RIP Anthony. I would say it’s so outdated, but unfortunately, yes, it very much still exists. At the FAWC event I was just at, one of the chefs learned I’m vegetarian and said “ah f** off, I’m f***ing out of here ...” and that’s a fairly common occurrence within the industry. I think it’s closed-minded, but my mission is to open minds with good food. The food has to come first. When I tell everyone afterwards that the custard I served was actually made with oat milk and just so happened to be vegan too, it’s too late, they already said it was delicious, and actually maybe the problem is in their minds and not on the plate.

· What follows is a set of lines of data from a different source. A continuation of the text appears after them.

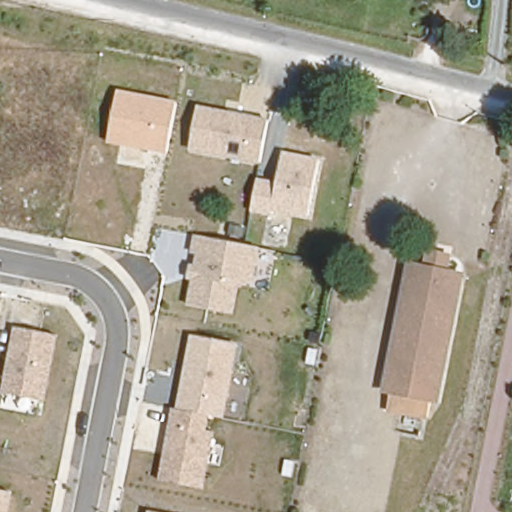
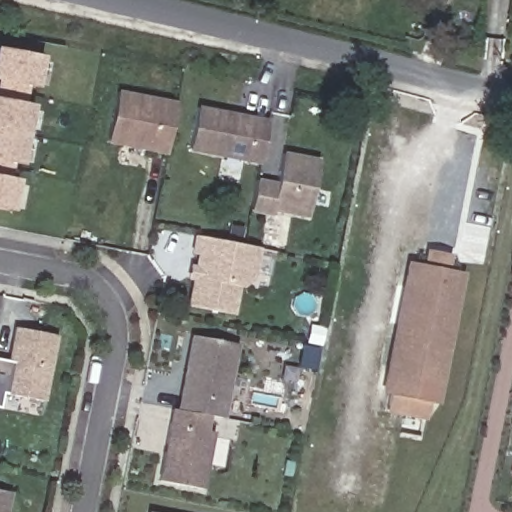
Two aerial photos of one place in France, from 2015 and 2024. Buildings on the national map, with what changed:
new [(0,208),(0,48),(41,56),(11,211),(0,208)]
unchanged [(166,155),(109,143),(117,90),(177,101),(166,155)]
unchanged [(262,165),(190,151),(198,106),(268,119),(262,165)]
unchanged [(277,180),(282,152),(320,159),(307,218),(272,212),(271,216),(251,212),(257,178),(277,180)]
unchanged [(256,278),(240,290),(235,316),(188,306),(192,280),(186,278),(195,234),(261,248),(256,278)]
unchanged [(437,408),(431,407),(427,425),(387,416),(392,398),(384,396),(412,269),(428,273),(431,258),(452,263),(449,277),(465,281),(437,408)]
unchanged [(45,404),(1,395),(14,328),(57,335),(45,404)]
unchanged [(226,420),(210,417),(208,433),(215,435),(204,489),(157,482),(171,408),(177,409),(191,334),(240,343),(226,420)]
unchanged [(0,512),(0,490),(12,492),(9,512),(0,512)]

Plabita Florence's Grand Long Lunch dessert of spiced-rum sponge with honeysuckle custard, blueberries, blueberry sherbet and blueberry granita.
Plabita Florence's Grand Long Lunch dessert of spiced-rum sponge with honeysuckle custard, blueberries, blueberry sherbet and blueberry granita.

Do you know how many of your diners at Forest are meat eaters wanting something different, as opposed to vegetarians?

We definitely get a good mix. We aim to make everyone happy, not just people on vegetarian diets. Being raised vegetarian, it isn’t even something I chose for myself. So if you think of it like that, I’m really just cooking food the only way I know how, the same as every other chef. I think it’s interesting how often I get put in the vegetarian box, but for me, this is just normal.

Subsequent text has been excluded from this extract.